EXERCISE AIM: Locate the line containing "Answer: އަރާމުއިސްކުރެއްވި ޝޭޚުންނާއުސްތާޒުންކޮބައިތޯ" in the entries below, then retype it and every later line exactly, leaving out pictures.

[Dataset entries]

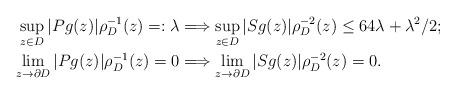
LaTeX: \begin{align*}\sup_{z \in D} |Pg(z)|\rho_D^{-1}(z) =: \lambda & \Longrightarrow \sup_{z \in D} |Sg(z)|\rho_D^{-2}(z) \leq 64\lambda + \lambda^2/2;\\\lim_{z \to \partial D} |Pg(z)|\rho_D^{-1}(z) = 0 &\Longrightarrow \lim_{z \to \partial D} |Sg(z)|\rho_D^{-2}(z) = 0. \end{align*}
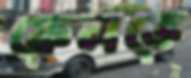
ফেলতে
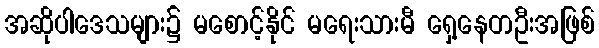
အဆိုပါဒေသများ၌ မစောင့်နိုင် မရေးသားမီ ရှေ့နေတဦးအဖြစ်
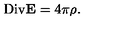
\mathrm { D i v } { \bf E } = 4 \pi \rho .
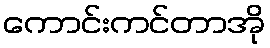
ကောင်းကင်တာအို
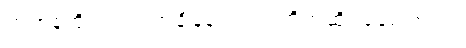
တဟုန်ထိုးတက်လာချိန်နဲ့လည်း တိုက်ဆိုင်နေပါတယ်။
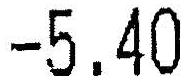
-5.40
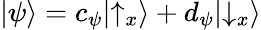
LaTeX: |\psi\rangle=c_{\psi}|{\uparrow}_{x}\rangle+d_{\psi}|{\downarrow}_{x}\rangle
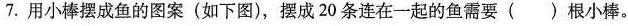
7. 用小棒摆成鱼的图案(如下图)，摆成20条连在一起的鱼需要( )根小棒。
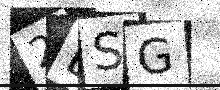
Text: 2ESG
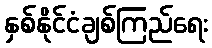
နှစ်နိုင်ငံချစ်ကြည်ရေး
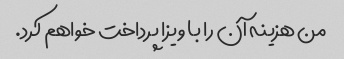
من هزینه آن را با ویزا پرداخت خواهم کرد.
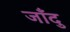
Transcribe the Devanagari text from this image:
जाँदु
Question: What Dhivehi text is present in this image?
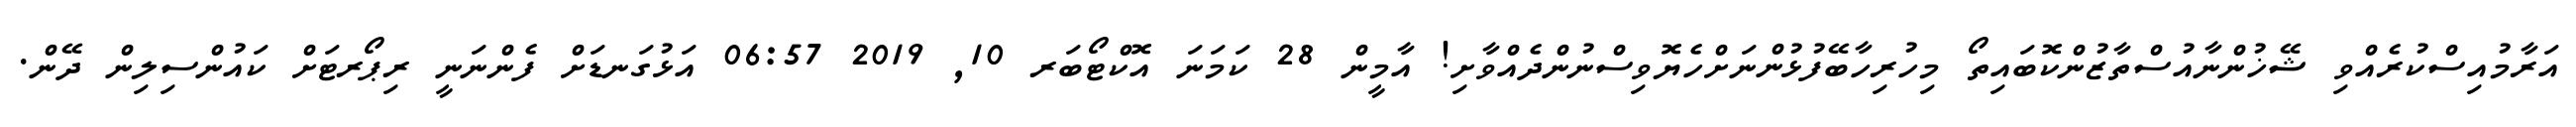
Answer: އަރާމުއިސްކުރެއްވި ޝޭޚުންނާއުސްތާޒުންކޮބައިތޯ މިހުރިހާބޭފުޅުންނަށްހެޔޮވިސްނުންދެއްވާށި! އާމީން 28 ކަމަނަ އޮކްޓޯބަރ 10, 2019 06:57 އަޅުގަނޑަށް ފެންނަނީ ރިޕޯރޓަށް ކައުންސިލިން ދޭން.
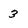
Character: 3
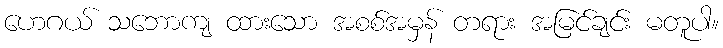
ဟေဂယ် သဘောကျ ထားသော အစစ်အမှန် တရား အမြင်ချင်း မတူပါ။
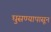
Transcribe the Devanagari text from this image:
घुसण्यापासून
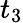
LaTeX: t_{3}
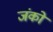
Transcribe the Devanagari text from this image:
जंको
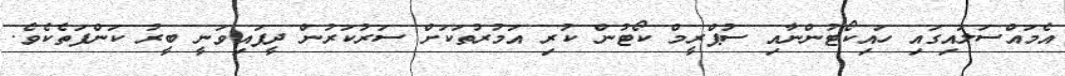
އެމައްސަލައިގައި ހައިކޯޓުންނާއި ސުޕްރީމް ކޯޓުން ކުރި އަމުރުތަކަށް ސަރުކަރުން ދީފައިވަނީ ބީރު ކަންފަތެކެވެ.
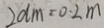
2 d m = 0 . 2 m
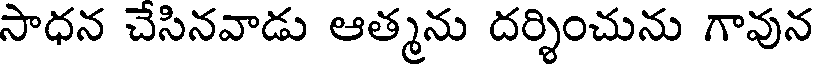
సాధన చేసినవాడు ఆత్మను దర్శించును గావున
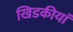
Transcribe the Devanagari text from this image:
खिडकीयां
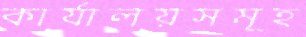
কার্যালয়সমূহ
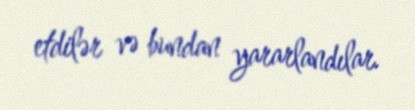
etdilər və bundan yararlandılar.
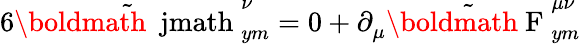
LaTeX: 6\tilde{\mathrm{\boldmath~\ jmath~}}_{ym}^{\nu}=0+\partial_{\mu}^{}\tilde{\mathrm{\boldmath~F~}}_{ym}^{\mu\nu}
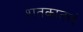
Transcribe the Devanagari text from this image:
शतकातलं
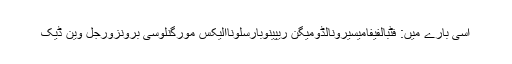
اسی بارے میں: فٹبالفیفامیسیرونالڈومیگن ریپینوبارسلوناالیکس مورگنلوسی برونزورجل وین ڈیک
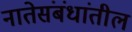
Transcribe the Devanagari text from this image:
नातेसंबंधांतील
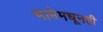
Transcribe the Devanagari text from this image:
भाषेमधूनही
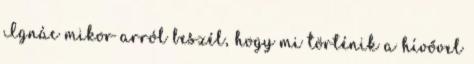
Ignác mikor arról beszél, hogy mi történik a hívővel
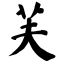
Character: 芙
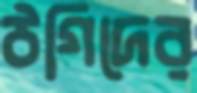
ঠগিদের
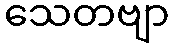
သေတဗျာ
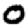
Digit: 0
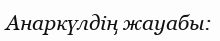
Анаркүлдің жауабы:
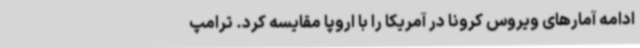
ادامه آمارهای ویروس کرونا در آمریکا را با اروپا مقایسه کرد. ترامپ
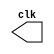

// ---------------------------
// Nome: Felipe Augusto Torres
// ---------------------------


// --------------------- 
// modules
// ---------------------

module clock (clk); 
output clk; 
reg clk;
 
initial 
begin 
clk = 1'b0; 
end 

always 
begin 
#6 clk = ~clk; 
end 

endmodule 

module pulse (signal, clock); 
input clock; 
output signal; 
reg signal; 

always @ (clock) 
begin 
signal =  1'b0; 
#12 signal = 1'b1; 
#12 signal = 1'b0; 
end 

endmodule 


// --------------------- 
// Exercicio0901
// ---------------------
 
module Exercicio0901; 
wire clk; 
clock clk1 (clk); 
wire p1; 
pulse pulse1 (p1, clk);  
 

initial begin 
$display("Exercicio 0901");
$display("Felipe Augusto - 415517");
$dumpfile ( "Exercicio01.vcd" ); 
$dumpvars ( 1, clk, p1 ); 
#100 $finish; 
end 

endmodule
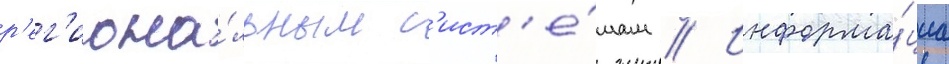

ANSWER TO THIS PROBLEM:
Answer: އަރާމުއިސްކުރެއްވި ޝޭޚުންނާއުސްތާޒުންކޮބައިތޯ މިހުރިހާބޭފުޅުންނަށްހެޔޮވިސްނުންދެއްވާށި! އާމީން 28 ކަމަނަ އޮކްޓޯބަރ 10, 2019 06:57 އަޅުގަނޑަށް ފެންނަނީ ރިޕޯރޓަށް ކައުންސިލިން ދޭން.
Character: 3
ဟေဂယ် သဘောကျ ထားသော အစစ်အမှန် တရား အမြင်ချင်း မတူပါ။
Transcribe the Devanagari text from this image:
घुसण्यापासून
LaTeX: t_{3}
Transcribe the Devanagari text from this image:
जंको
އެމައްސަލައިގައި ހައިކޯޓުންނާއި ސުޕްރީމް ކޯޓުން ކުރި އަމުރުތަކަށް ސަރުކަރުން ދީފައިވަނީ ބީރު ކަންފަތެކެވެ.
2 d m = 0 . 2 m
సాధన చేసినవాడు ఆత్మను దర్శించును గావున
Transcribe the Devanagari text from this image:
खिडकीयां
কার্যালয়সমূহ
etdilər və bundan yararlandılar.
LaTeX: 6\tilde{\mathrm{\boldmath~\ jmath~}}_{ym}^{\nu}=0+\partial_{\mu}^{}\tilde{\mathrm{\boldmath~F~}}_{ym}^{\mu\nu}
Transcribe the Devanagari text from this image:
शतकातलं
اسی بارے میں: فٹبالفیفامیسیرونالڈومیگن ریپینوبارسلوناالیکس مورگنلوسی برونزورجل وین ڈیک
Transcribe the Devanagari text from this image:
नातेसंबंधांतील
Transcribe the Devanagari text from this image:
भाषेमधूनही
Ignác mikor arról beszél, hogy mi történik a hívővel
Character: 芙
ঠগিদের
သေတဗျာ
Digit: 0
Анаркүлдің жауабы:
ادامه آمارهای ویروس کرونا در آمریکا را با اروپا مقایسه کرد. ترامپ

// ---------------------------
// Nome: Felipe Augusto Torres
// ---------------------------


// --------------------- 
// modules
// ---------------------

module clock (clk); 
output clk; 
reg clk;
 
initial 
begin 
clk = 1'b0; 
end 

always 
begin 
#6 clk = ~clk; 
end 

endmodule 

module pulse (signal, clock); 
input clock; 
output signal; 
reg signal; 

always @ (clock) 
begin 
signal =  1'b0; 
#12 signal = 1'b1; 
#12 signal = 1'b0; 
end 

endmodule 


// --------------------- 
// Exercicio0901
// ---------------------
 
module Exercicio0901; 
wire clk; 
clock clk1 (clk); 
wire p1; 
pulse pulse1 (p1, clk);  
 

initial begin 
$display("Exercicio 0901");
$display("Felipe Augusto - 415517");
$dumpfile ( "Exercicio01.vcd" ); 
$dumpvars ( 1, clk, p1 ); 
#100 $finish; 
end 

endmodule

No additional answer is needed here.